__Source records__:
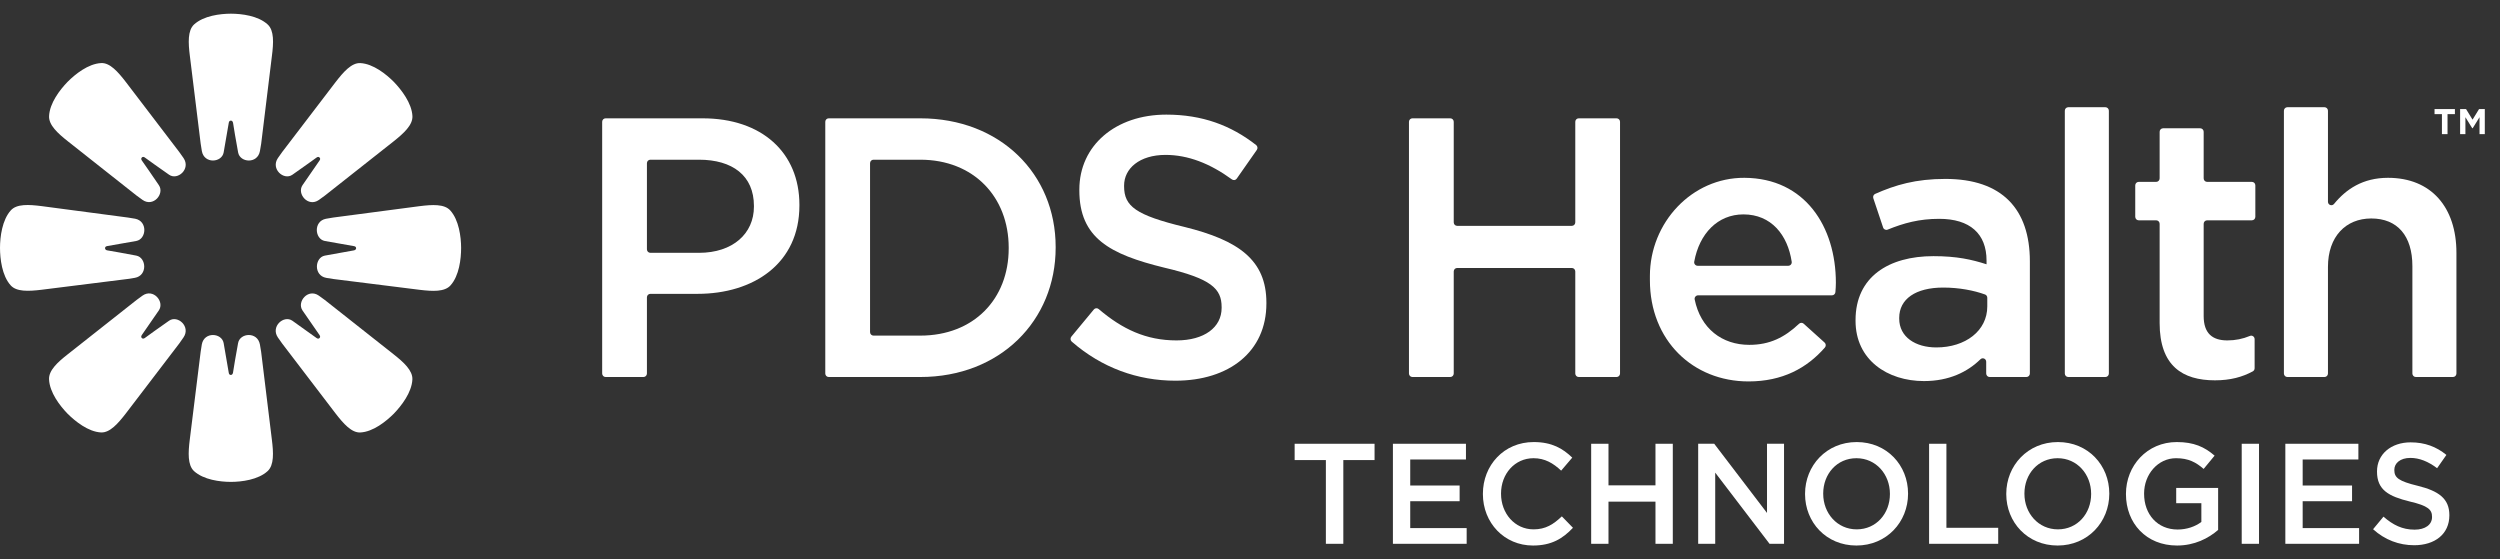 <svg width="152" height="34" viewBox="0 0 152 34" fill="none" xmlns="http://www.w3.org/2000/svg">
<rect x="0" y="0" width="152" height="34" fill="#333333" stroke="none"/>
<path d="M80.613 27.972H78.714V26.981H83.573V27.972H81.674V33.063H80.613V27.972Z" fill="white"/>
<path d="M84.689 26.981H89.13V27.937H85.742V29.519H88.745V30.474H85.742V32.108H89.173V33.063H84.689V26.981Z" fill="white"/>
<path d="M90.16 30.04V30.023C90.16 28.293 91.435 26.877 93.248 26.877C94.352 26.877 95.02 27.268 95.593 27.824L94.918 28.615C94.438 28.163 93.925 27.859 93.24 27.859C92.094 27.859 91.263 28.815 91.263 30.005V30.023C91.263 31.212 92.094 32.185 93.24 32.185C93.976 32.185 94.446 31.881 94.96 31.395L95.636 32.09C95.012 32.751 94.327 33.168 93.205 33.168C91.46 33.168 90.16 31.786 90.16 30.04Z" fill="white"/>
<path d="M96.743 26.981H97.796V29.509H100.653V26.981H101.706V33.063H100.653V30.5H97.796V33.063H96.743V26.981Z" fill="white"/>
<path d="M103.249 26.981H104.225L107.434 31.187V26.981H108.469V33.063H107.588L104.285 28.736V33.063H103.249V26.981Z" fill="white"/>
<path d="M114.907 30.04V30.023C114.907 28.84 114.06 27.859 112.87 27.859C111.681 27.859 110.851 28.823 110.851 30.005V30.023C110.851 31.204 111.698 32.185 112.887 32.185C114.077 32.185 114.907 31.221 114.907 30.04ZM109.747 30.04V30.023C109.747 28.311 111.048 26.877 112.887 26.877C114.727 26.877 116.01 28.293 116.01 30.005V30.023C116.01 31.734 114.71 33.168 112.87 33.168C111.031 33.168 109.747 31.752 109.747 30.04Z" fill="white"/>
<path d="M117.289 26.981H118.342V32.09H121.491V33.063H117.289V26.981Z" fill="white"/>
<path d="M127.141 30.04V30.023C127.141 28.84 126.294 27.859 125.105 27.859C123.915 27.859 123.085 28.823 123.085 30.005V30.023C123.085 31.204 123.932 32.185 125.121 32.185C126.311 32.185 127.141 31.221 127.141 30.04ZM121.981 30.04V30.023C121.981 28.311 123.282 26.877 125.121 26.877C126.961 26.877 128.245 28.293 128.245 30.005V30.023C128.245 31.734 126.944 33.168 125.105 33.168C123.265 33.168 121.981 31.752 121.981 30.04Z" fill="white"/>
<path d="M129.258 30.04V30.023C129.258 28.319 130.541 26.877 132.346 26.877C133.39 26.877 134.032 27.172 134.648 27.703L133.981 28.511C133.519 28.111 133.066 27.859 132.303 27.859C131.2 27.859 130.361 28.84 130.361 30.005V30.023C130.361 31.273 131.175 32.195 132.398 32.195C132.963 32.195 133.476 32.012 133.843 31.734V30.596H132.313V29.666H134.862V32.22C134.272 32.733 133.425 33.168 132.364 33.168C130.49 33.168 129.258 31.812 129.258 30.04Z" fill="white"/>
<path d="M136.296 26.981H137.348V33.063H136.296V26.981Z" fill="white"/>
<path d="M138.949 26.981H143.39V27.937H140.002V29.519H143.005V30.474H140.002V32.108H143.433V33.063H138.949V26.981Z" fill="white"/>
<path d="M144.283 32.177L144.916 31.412C145.49 31.916 146.062 32.203 146.807 32.203C147.457 32.203 147.868 31.899 147.868 31.439V31.421C147.868 30.987 147.629 30.752 146.516 30.492C145.241 30.179 144.522 29.796 144.522 28.676V28.659C144.522 27.616 145.378 26.895 146.567 26.895C147.44 26.895 148.134 27.164 148.741 27.659L148.176 28.467C147.637 28.059 147.098 27.841 146.55 27.841C145.935 27.841 145.575 28.163 145.575 28.563V28.58C145.575 29.049 145.849 29.257 146.995 29.536C148.261 29.848 148.921 30.309 148.921 31.317V31.335C148.921 32.472 148.039 33.15 146.782 33.15C145.866 33.15 145.002 32.829 144.283 32.177Z" fill="white"/>
<path d="M14.042 7.333C14.097 7.333 14.149 7.379 14.169 7.467C14.195 7.669 14.36 8.627 14.478 9.269C14.592 9.896 15.656 9.978 15.803 9.189C15.825 9.065 15.849 8.913 15.88 8.735L16.531 3.41C16.637 2.596 16.669 1.857 16.28 1.493C15.701 0.955 14.691 0.834 14.041 0.832C13.386 0.834 12.38 0.955 11.796 1.491C11.409 1.855 11.441 2.596 11.545 3.41L12.201 8.735C12.231 8.913 12.254 9.065 12.273 9.187C12.417 9.977 13.483 9.896 13.598 9.269C13.714 8.628 13.877 7.669 13.909 7.468C13.921 7.391 13.958 7.333 14.042 7.333Z" fill="white"/>
<path d="M21.652 15.093C21.652 15.153 21.601 15.21 21.518 15.223C21.316 15.254 20.376 15.425 19.747 15.542C19.132 15.663 19.056 16.753 19.835 16.894C19.953 16.914 20.105 16.939 20.279 16.965L25.508 17.62C26.309 17.718 27.038 17.752 27.394 17.349C27.92 16.762 28.036 15.735 28.036 15.073C28.034 14.406 27.905 13.378 27.377 12.795C27.018 12.396 26.292 12.436 25.495 12.537L20.265 13.226C20.092 13.254 19.938 13.278 19.819 13.301C19.048 13.449 19.129 14.533 19.747 14.651C20.375 14.765 21.317 14.93 21.518 14.964C21.594 14.979 21.652 15.011 21.652 15.093Z" fill="white"/>
<path d="M6.387 15.091C6.389 15.15 6.432 15.209 6.518 15.222C6.719 15.252 7.66 15.422 8.287 15.541C8.905 15.662 8.982 16.752 8.201 16.892C8.084 16.912 7.936 16.936 7.759 16.962L2.528 17.617C1.728 17.714 0.998 17.746 0.645 17.345C0.118 16.757 0.002 15.73 0 15.07C0.002 14.402 0.128 13.375 0.658 12.789C1.017 12.391 1.747 12.432 2.545 12.534L7.773 13.226C7.949 13.252 8.098 13.276 8.216 13.298C8.992 13.448 8.908 14.532 8.29 14.65C7.661 14.763 6.719 14.928 6.519 14.961C6.44 14.977 6.387 15.01 6.387 15.091Z" fill="white"/>
<path d="M8.627 9.573C8.668 9.53 8.738 9.524 8.807 9.578C8.973 9.697 9.752 10.261 10.281 10.624C10.799 10.987 11.611 10.274 11.16 9.611C11.091 9.511 11.003 9.388 10.899 9.243L7.663 5.001C7.171 4.361 6.679 3.806 6.15 3.835C5.364 3.874 4.572 4.51 4.106 4.979C3.644 5.457 3.02 6.264 2.984 7.057C2.959 7.599 3.499 8.097 4.138 8.6L8.306 11.892C8.446 11.995 8.565 12.087 8.668 12.155C9.317 12.612 10.019 11.787 9.66 11.26C9.297 10.721 8.745 9.926 8.627 9.762C8.581 9.697 8.57 9.627 8.627 9.573Z" fill="white"/>
<path d="M19.425 9.574C19.385 9.532 19.316 9.525 19.244 9.581C19.083 9.698 18.3 10.261 17.775 10.626C17.255 10.987 16.448 10.274 16.895 9.613C16.961 9.513 17.052 9.39 17.156 9.244L20.395 5.003C20.891 4.361 21.379 3.809 21.91 3.836C22.691 3.877 23.483 4.513 23.947 4.98C24.407 5.46 25.037 6.268 25.076 7.061C25.099 7.603 24.553 8.101 23.92 8.604L19.75 11.894C19.608 11.998 19.486 12.088 19.385 12.159C18.736 12.614 18.037 11.788 18.391 11.261C18.759 10.723 19.309 9.929 19.424 9.765C19.473 9.698 19.486 9.63 19.425 9.574Z" fill="white"/>
<path d="M14.039 22.797C14.095 22.796 14.148 22.751 14.166 22.663C14.193 22.455 14.358 21.499 14.476 20.858C14.591 20.232 15.654 20.151 15.802 20.941C15.823 21.063 15.847 21.213 15.877 21.391L16.528 26.718C16.631 27.531 16.666 28.273 16.276 28.639C15.697 29.174 14.687 29.297 14.037 29.299C13.381 29.297 12.375 29.174 11.792 28.639C11.406 28.273 11.437 27.529 11.54 26.715L12.2 21.39C12.229 21.212 12.252 21.063 12.271 20.939C12.416 20.152 13.482 20.232 13.597 20.857C13.712 21.499 13.876 22.457 13.908 22.663C13.919 22.741 13.956 22.798 14.039 22.797Z" fill="white"/>
<path d="M8.624 20.555C8.668 20.597 8.737 20.603 8.808 20.548C8.972 20.427 9.75 19.865 10.28 19.499C10.798 19.139 11.609 19.851 11.159 20.512C11.089 20.615 11.001 20.738 10.896 20.887L7.662 25.123C7.168 25.764 6.677 26.316 6.145 26.293C5.362 26.254 4.569 25.613 4.102 25.147C3.641 24.671 3.017 23.863 2.982 23.065C2.957 22.524 3.498 22.024 4.136 21.527L8.304 18.238C8.445 18.131 8.564 18.041 8.667 17.972C9.316 17.516 10.019 18.339 9.659 18.87C9.297 19.401 8.745 20.195 8.626 20.365C8.579 20.432 8.568 20.502 8.624 20.555Z" fill="white"/>
<path d="M19.422 20.557C19.383 20.598 19.314 20.605 19.242 20.549C19.081 20.428 18.298 19.867 17.774 19.499C17.253 19.14 16.446 19.851 16.893 20.514C16.959 20.616 17.049 20.741 17.156 20.887L20.392 25.125C20.888 25.767 21.376 26.319 21.908 26.294C22.687 26.256 23.479 25.617 23.945 25.151C24.403 24.674 25.035 23.868 25.073 23.069C25.096 22.527 24.551 22.029 23.918 21.531L19.749 18.239C19.607 18.133 19.485 18.043 19.384 17.974C18.735 17.517 18.036 18.339 18.389 18.871C18.758 19.401 19.306 20.197 19.423 20.366C19.471 20.433 19.484 20.504 19.422 20.557Z" fill="white"/>
<path d="M42.497 15.372C44.555 15.372 45.839 14.204 45.839 12.564V12.519C45.839 10.676 44.533 9.71 42.497 9.71H39.542C39.427 9.71 39.333 9.805 39.333 9.922V15.16C39.333 15.277 39.427 15.372 39.542 15.372H42.497ZM36.612 7.405C36.612 7.288 36.705 7.194 36.82 7.194H42.718C46.325 7.194 48.604 9.283 48.604 12.451V12.496C48.604 16.024 45.816 17.866 42.409 17.866H39.542C39.427 17.866 39.333 17.961 39.333 18.078V22.71C39.333 22.827 39.24 22.922 39.124 22.922H36.82C36.705 22.922 36.612 22.827 36.612 22.71V7.405Z" fill="white"/>
<path d="M55.952 20.405C59.205 20.405 61.329 18.181 61.329 15.102V15.058C61.329 11.979 59.205 9.71 55.952 9.71H53.108C52.992 9.71 52.899 9.805 52.899 9.922V20.193C52.899 20.31 52.992 20.405 53.108 20.405H55.952ZM50.177 7.405C50.177 7.288 50.27 7.194 50.386 7.194H55.952C60.82 7.194 64.184 10.586 64.184 15.013V15.058C64.184 19.484 60.82 22.922 55.952 22.922H50.386C50.27 22.922 50.177 22.827 50.177 22.71V7.405Z" fill="white"/>
<path d="M65.138 20.468L66.508 18.814C66.582 18.725 66.713 18.716 66.801 18.791C68.231 20.008 69.676 20.697 71.531 20.697C73.213 20.697 74.275 19.911 74.275 18.72V18.675C74.275 17.552 73.656 16.945 70.779 16.271C67.482 15.462 65.624 14.473 65.624 11.575V11.53C65.624 8.834 67.836 6.969 70.912 6.969C73.093 6.969 74.84 7.619 76.373 8.819C76.462 8.889 76.481 9.02 76.416 9.113L75.192 10.863C75.126 10.958 74.995 10.977 74.902 10.909C73.564 9.935 72.226 9.418 70.868 9.418C69.275 9.418 68.345 10.249 68.345 11.283V11.328C68.345 12.541 69.053 13.08 72.019 13.799C75.293 14.608 76.997 15.799 76.997 18.405V18.45C76.997 21.394 74.718 23.146 71.465 23.146C69.164 23.146 66.988 22.361 65.161 20.769C65.074 20.694 65.064 20.558 65.138 20.468Z" fill="white"/>
<path d="M85.874 7.194H88.178C88.293 7.194 88.387 7.288 88.387 7.405V13.52C88.387 13.637 88.48 13.732 88.595 13.732H95.568C95.683 13.732 95.777 13.637 95.777 13.52V7.405C95.777 7.288 95.87 7.194 95.986 7.194H98.29C98.405 7.194 98.498 7.288 98.498 7.405V22.71C98.498 22.827 98.405 22.922 98.29 22.922H95.986C95.87 22.922 95.777 22.827 95.777 22.71V16.505C95.777 16.388 95.683 16.293 95.568 16.293H88.595C88.48 16.293 88.387 16.388 88.387 16.505V22.71C88.387 22.827 88.293 22.922 88.178 22.922H85.874C85.759 22.922 85.665 22.827 85.665 22.71V7.405C85.665 7.288 85.759 7.194 85.874 7.194Z" fill="white"/>
<path d="M108.727 16.159C108.854 16.159 108.955 16.044 108.936 15.917C108.693 14.282 107.689 13.035 106.001 13.035C104.438 13.035 103.319 14.202 103.009 15.91C102.985 16.039 103.087 16.159 103.216 16.159H108.727ZM100.314 17.035V16.78C100.314 13.534 102.867 10.793 106.062 10.811C109.754 10.832 111.621 13.789 111.621 17.192C111.621 17.378 111.609 17.564 111.593 17.76C111.584 17.87 111.494 17.956 111.385 17.956H103.243C103.113 17.956 103.01 18.078 103.036 18.208C103.4 19.982 104.706 20.967 106.355 20.967C107.596 20.967 108.497 20.52 109.381 19.686C109.459 19.611 109.581 19.607 109.661 19.679L110.935 20.827C111.021 20.904 111.031 21.04 110.955 21.127C109.86 22.384 108.371 23.191 106.311 23.191C102.925 23.191 100.314 20.697 100.314 17.035Z" fill="white"/>
<path d="M120.827 18.105C120.827 18.016 120.774 17.935 120.691 17.905C120.018 17.661 119.122 17.484 118.15 17.484C116.468 17.484 115.472 18.181 115.472 19.327V19.372C115.472 20.495 116.468 21.124 117.729 21.124C119.499 21.124 120.827 20.113 120.827 18.63V18.105ZM120.761 22.71V21.995C120.761 21.808 120.541 21.715 120.408 21.846C119.619 22.617 118.503 23.169 116.977 23.169C114.764 23.169 112.817 21.888 112.817 19.506V19.461C112.817 16.833 114.831 15.574 117.552 15.574C118.968 15.574 119.875 15.777 120.782 16.069V15.844C120.782 14.204 119.765 13.305 117.906 13.305C116.685 13.305 115.754 13.561 114.77 13.961C114.659 14.007 114.533 13.95 114.494 13.834L113.897 12.052C113.862 11.947 113.911 11.832 114.011 11.788C115.235 11.247 116.466 10.878 118.282 10.878C121.734 10.878 123.416 12.721 123.416 15.889V22.71C123.416 22.827 123.322 22.922 123.207 22.922H120.969C120.854 22.922 120.761 22.827 120.761 22.71Z" fill="white"/>
<path d="M125.75 6.519H128.009C128.125 6.519 128.219 6.614 128.219 6.731V22.71C128.219 22.827 128.125 22.922 128.009 22.922H125.75C125.634 22.922 125.541 22.827 125.541 22.71V6.731C125.541 6.614 125.634 6.519 125.75 6.519Z" fill="white"/>
<path d="M131.306 19.641V13.607C131.306 13.49 131.212 13.395 131.097 13.395H130.032C129.916 13.395 129.823 13.3 129.823 13.183V11.27C129.823 11.153 129.916 11.058 130.032 11.058H131.097C131.212 11.058 131.306 10.963 131.306 10.846V8.012C131.306 7.895 131.399 7.8 131.514 7.8H133.774C133.889 7.8 133.983 7.895 133.983 8.012V10.846C133.983 10.963 134.077 11.058 134.192 11.058H136.916C137.032 11.058 137.125 11.153 137.125 11.27V13.183C137.125 13.3 137.032 13.395 136.916 13.395H134.192C134.077 13.395 133.983 13.49 133.983 13.607V19.214C133.983 20.27 134.514 20.697 135.421 20.697C135.913 20.697 136.36 20.606 136.799 20.423C136.934 20.367 137.081 20.473 137.081 20.621V22.389C137.081 22.468 137.039 22.541 136.97 22.579C136.333 22.923 135.61 23.124 134.669 23.124C132.7 23.124 131.306 22.248 131.306 19.641Z" fill="white"/>
<path d="M139.071 6.519H141.331C141.446 6.519 141.54 6.614 141.54 6.731V12.266C141.54 12.467 141.784 12.552 141.91 12.398C142.642 11.504 143.655 10.811 145.191 10.811C147.824 10.811 149.351 12.608 149.351 15.372V22.71C149.351 22.827 149.257 22.922 149.142 22.922H146.882C146.767 22.922 146.673 22.827 146.673 22.71V16.181C146.673 14.339 145.766 13.283 144.173 13.283C142.624 13.283 141.54 14.383 141.54 16.226V22.71C141.54 22.827 141.446 22.922 141.331 22.922H139.071C138.956 22.922 138.862 22.827 138.862 22.71V6.731C138.862 6.614 138.956 6.519 139.071 6.519Z" fill="white"/>
<path d="M149.575 6.631H149.936L150.331 7.275L150.726 6.631H151.076V8.156H150.755V7.126L150.341 7.794H150.311L149.897 7.126V8.156H149.575V6.631ZM148.469 6.938H148.02V6.631H149.258V6.938H148.81V8.156H148.469V6.938Z" fill="white"/>
</svg>

__WORK INSTRUCTIONS__:
Taking the entries above, write out exactly each line from the one holding "20.405C59.205 20.405 61.329" to the one holding "20.468L66.508 18.814C66.582 18.725", both included, and stop there.

__RESULT__:
<path d="M55.952 20.405C59.205 20.405 61.329 18.181 61.329 15.102V15.058C61.329 11.979 59.205 9.71 55.952 9.71H53.108C52.992 9.71 52.899 9.805 52.899 9.922V20.193C52.899 20.31 52.992 20.405 53.108 20.405H55.952ZM50.177 7.405C50.177 7.288 50.27 7.194 50.386 7.194H55.952C60.82 7.194 64.184 10.586 64.184 15.013V15.058C64.184 19.484 60.82 22.922 55.952 22.922H50.386C50.27 22.922 50.177 22.827 50.177 22.71V7.405Z" fill="white"/>
<path d="M65.138 20.468L66.508 18.814C66.582 18.725 66.713 18.716 66.801 18.791C68.231 20.008 69.676 20.697 71.531 20.697C73.213 20.697 74.275 19.911 74.275 18.72V18.675C74.275 17.552 73.656 16.945 70.779 16.271C67.482 15.462 65.624 14.473 65.624 11.575V11.53C65.624 8.834 67.836 6.969 70.912 6.969C73.093 6.969 74.84 7.619 76.373 8.819C76.462 8.889 76.481 9.02 76.416 9.113L75.192 10.863C75.126 10.958 74.995 10.977 74.902 10.909C73.564 9.935 72.226 9.418 70.868 9.418C69.275 9.418 68.345 10.249 68.345 11.283V11.328C68.345 12.541 69.053 13.08 72.019 13.799C75.293 14.608 76.997 15.799 76.997 18.405V18.45C76.997 21.394 74.718 23.146 71.465 23.146C69.164 23.146 66.988 22.361 65.161 20.769C65.074 20.694 65.064 20.558 65.138 20.468Z" fill="white"/>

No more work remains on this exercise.